There are more ways to generate funds than financial institutions may lead you to believe. Choosing what and how to finance should be decided by the board under terms that seem fair and not feel like a major restriction.

Getting a Fair Deal On a Community Association Loan

Community Association Financing

 

At some point, your community association will need to renovate roads, build fences, or do some unforeseen maintenance on common areas.  It may feel like there is always another project your community association needs to take care of.
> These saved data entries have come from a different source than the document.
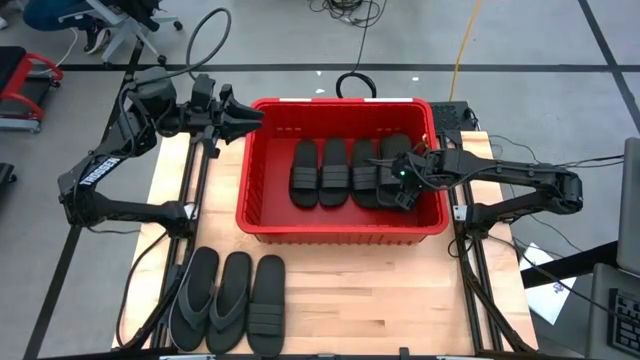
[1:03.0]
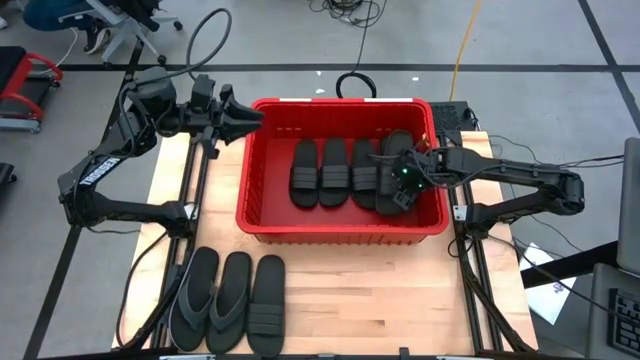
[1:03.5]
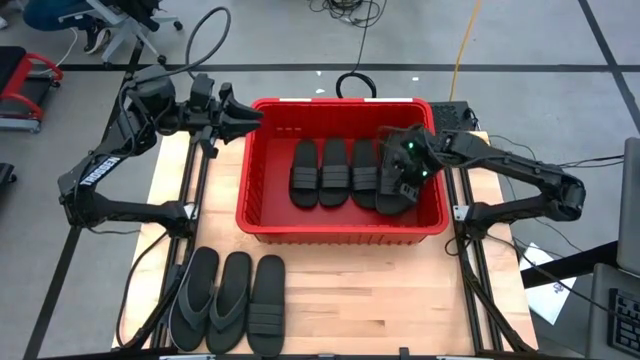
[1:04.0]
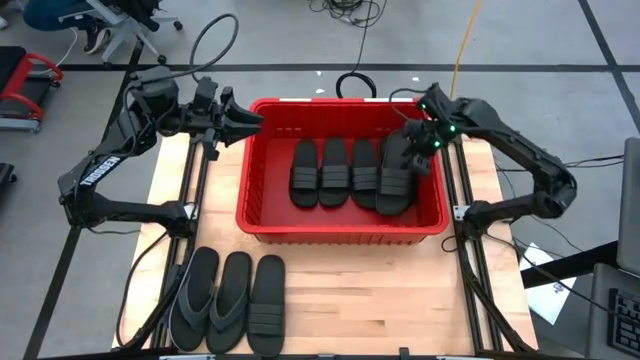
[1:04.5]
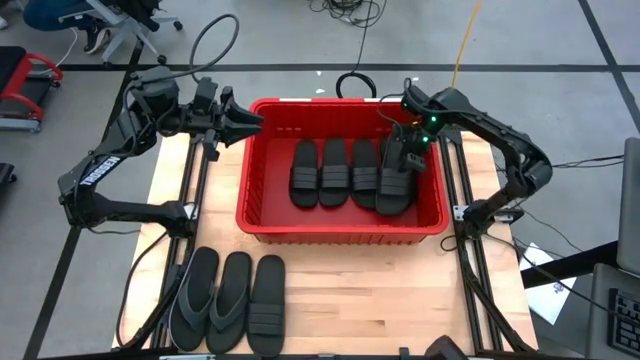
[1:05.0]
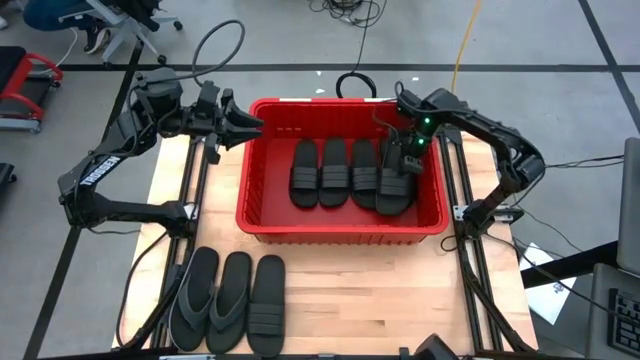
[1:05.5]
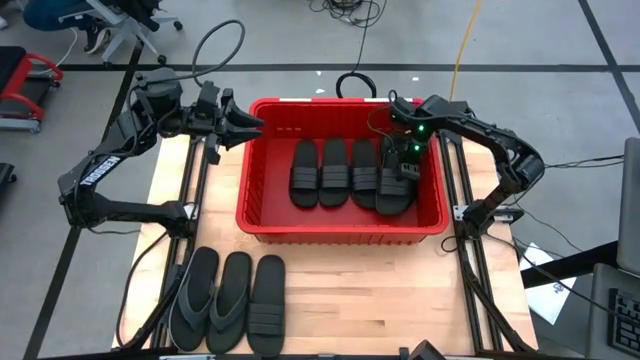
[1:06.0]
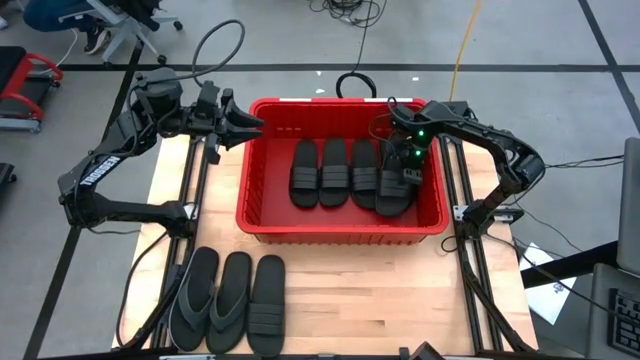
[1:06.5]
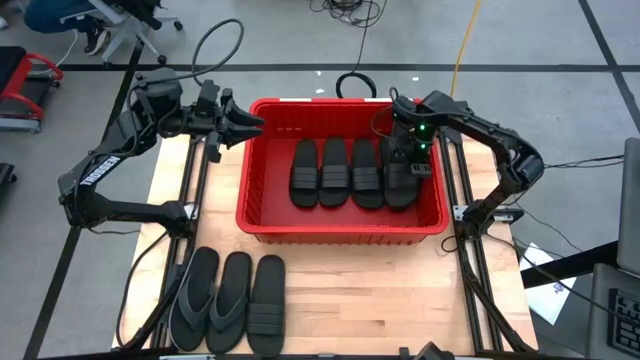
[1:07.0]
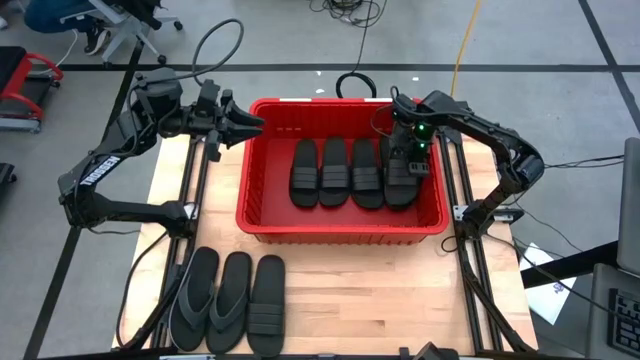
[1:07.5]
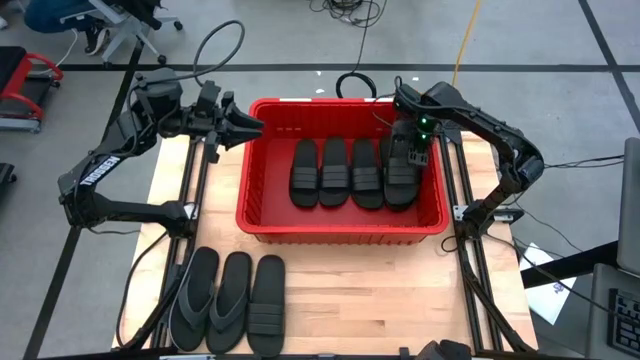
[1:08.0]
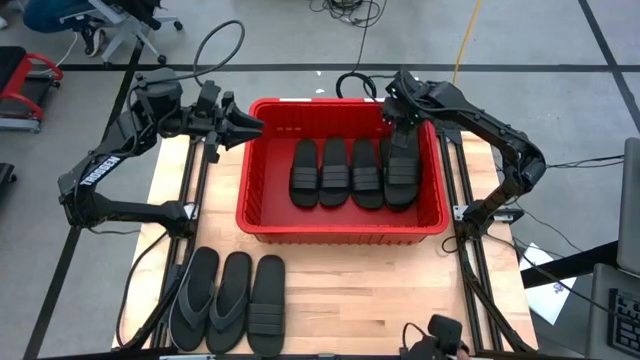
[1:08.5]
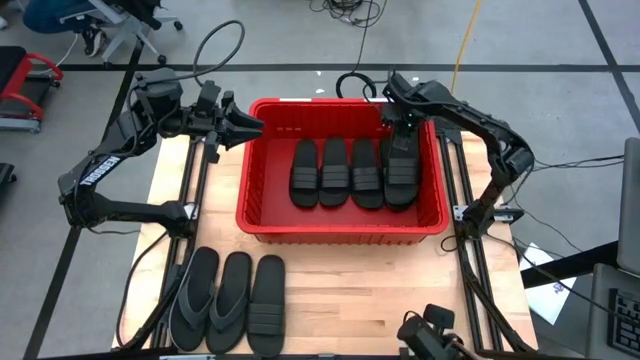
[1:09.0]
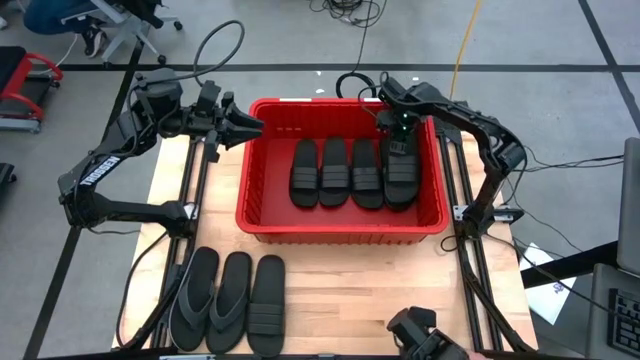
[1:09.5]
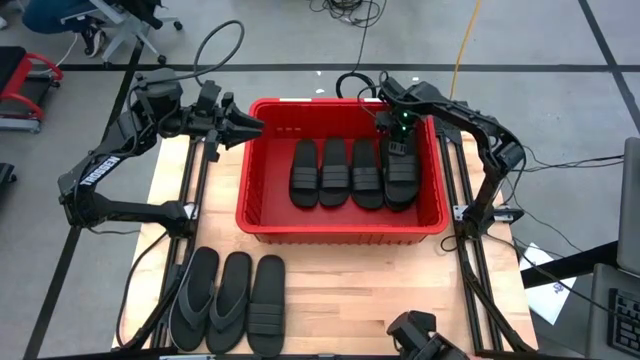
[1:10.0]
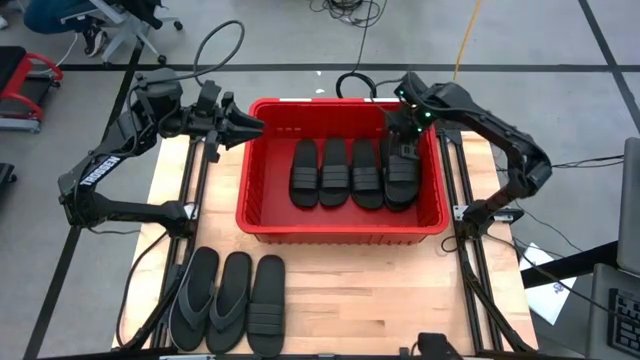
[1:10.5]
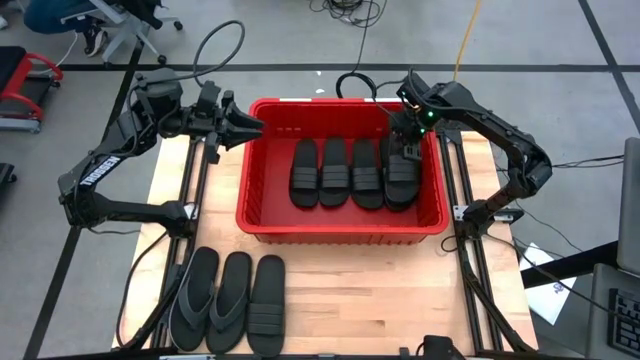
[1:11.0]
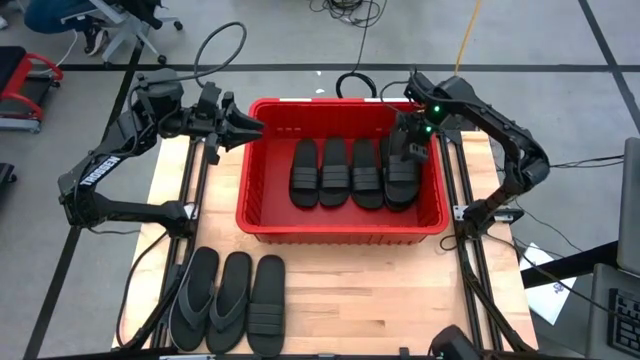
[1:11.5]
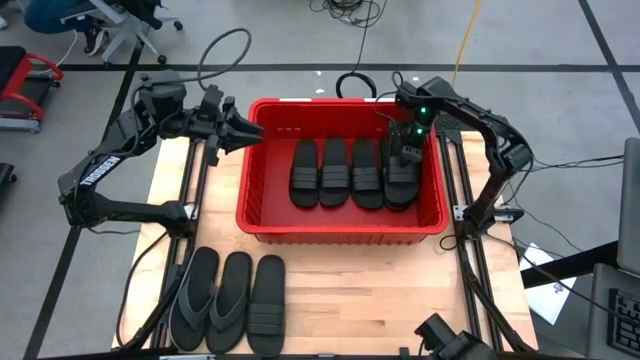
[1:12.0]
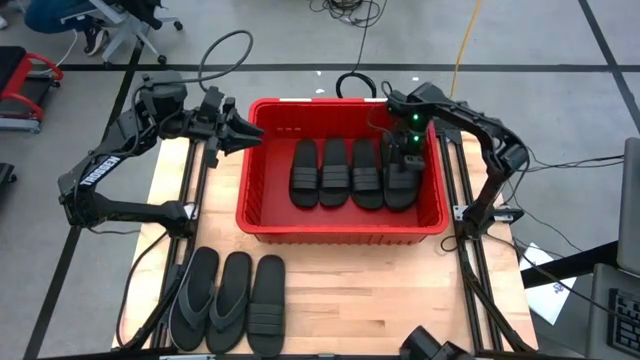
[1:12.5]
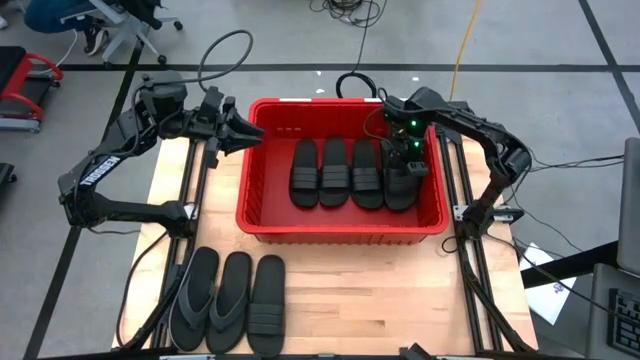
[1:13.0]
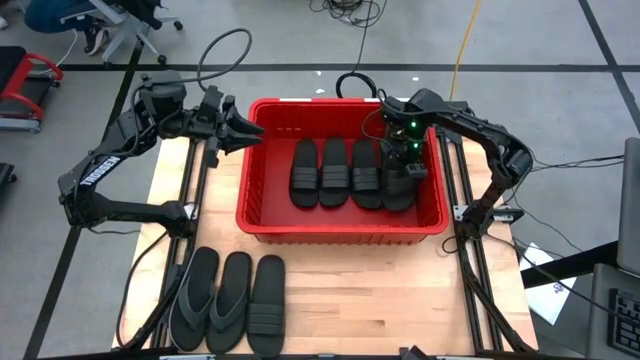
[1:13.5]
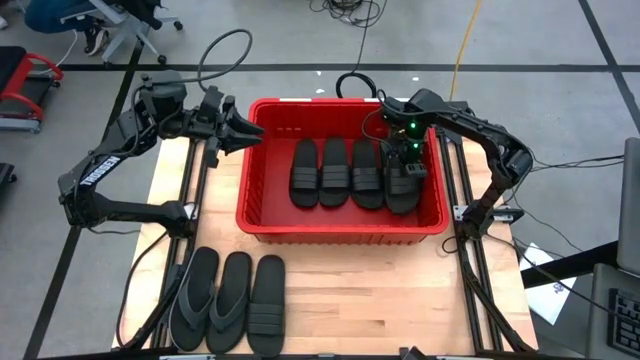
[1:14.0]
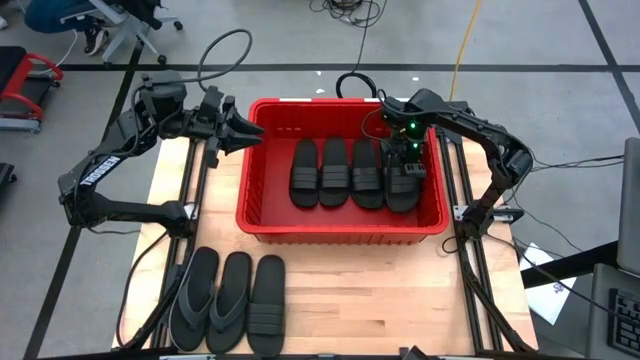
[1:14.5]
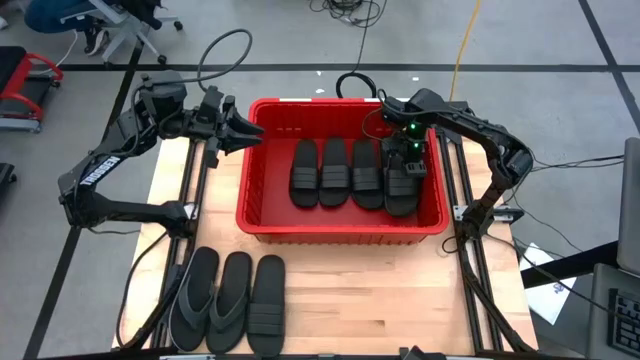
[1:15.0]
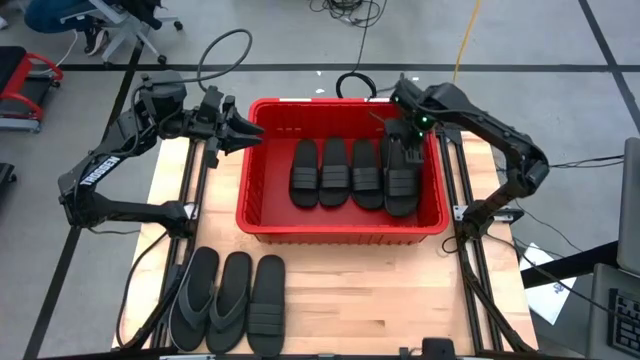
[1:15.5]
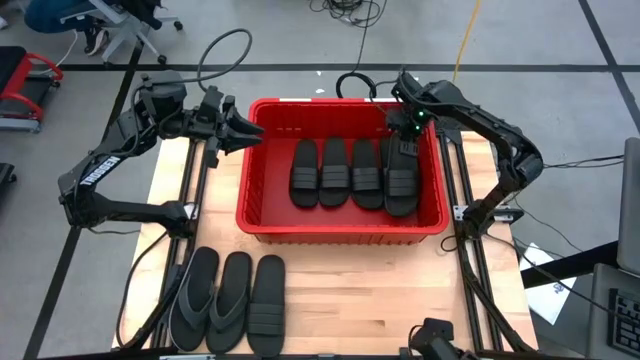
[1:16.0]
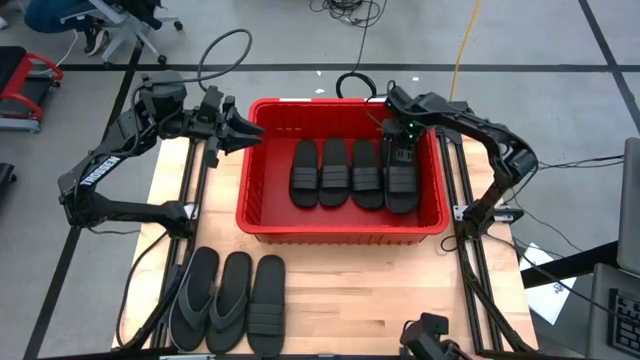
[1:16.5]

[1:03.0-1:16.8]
Task: Pick and place slides into bin
Put the black slipper into the red bin

Association fees and reserve funds can help get these projects started but are not always enough to maintain your community association without having to increase homeowner assessment dues.  This leaves boards with more problems and less solutions.
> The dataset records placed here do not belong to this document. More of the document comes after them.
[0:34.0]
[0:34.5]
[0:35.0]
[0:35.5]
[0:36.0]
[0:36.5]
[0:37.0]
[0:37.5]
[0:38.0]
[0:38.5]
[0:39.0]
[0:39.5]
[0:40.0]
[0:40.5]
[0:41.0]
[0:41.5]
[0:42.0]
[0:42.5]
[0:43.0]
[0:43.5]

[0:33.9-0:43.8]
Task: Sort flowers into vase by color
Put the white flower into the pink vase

One way to overcome these issues is to seek financing, however it can be difficult to find a bank that will issue a fair loan without requiring personal guarantees from board members or collateral liens on property.  You could look into non-bank financial institutions that are willing to offer you the funds under acceptable terms, but your association could likely be charged a higher interest rate.

 

Fair Financing Options

 

Continental Bank does not commonly demand a high interest rate or restrictive terms and covenants from its association borrowers.  Instead, we prefer to use your community association’s future assessment dues as collateral that enables us to simplify the loan structure and give you a competitive rate.  After surveying our competition and researching the best options in the industry, we have identified the following banks as reputable options from whom associations nationwide can borrow money: Alliance Association Bank; Mutual of Omaha (acquired by CIT); City National Bank; Union Bank; Pacific Premier Bank; and Seacoast Commerce Bank.  Though each of these organizations are impressive sources for community association financing, Continental Bank is confident we can often offer something better. Continental will take on community association loans of any size in a variety of terms and payback options. Other banks often do not accept loans below $50,000 and can be less flexible in their payment options.  Continental prides itself on being quick, simple, and fair to work with.  While there are some advantages to borrowing from big banks (see our list above), Continental strives to be a more flexible, responsive lending partner because of our small size.  After all, we are community owned and managed too.

 

Value of a Fair Loan to a Community Association

 

Postponing or completely avoiding necessary renovations may seem like a tempting idea, however it may end up making your community association’s situation much worse.  Pushing back needed maintenance and improvements can lead to lack of home value development within the neighborhood, decrease members commitment to the community association, and lead to even more costly complications. Deciding to improve and retain your neighborhood tends to always be in the best interest of your community association.  The board’s commitment to benefiting the community association should not be determined by an outside institution that places your organization in a financial box.  Getting a loan can be advantageous for community associations.  What often determines this is a solid financial plan created by the board and a fair loan that doesn’t hurt the financial stability of the organization.  When it comes to seeking outside funding, know that there are more options for community associations than various lenders may lead you to believe.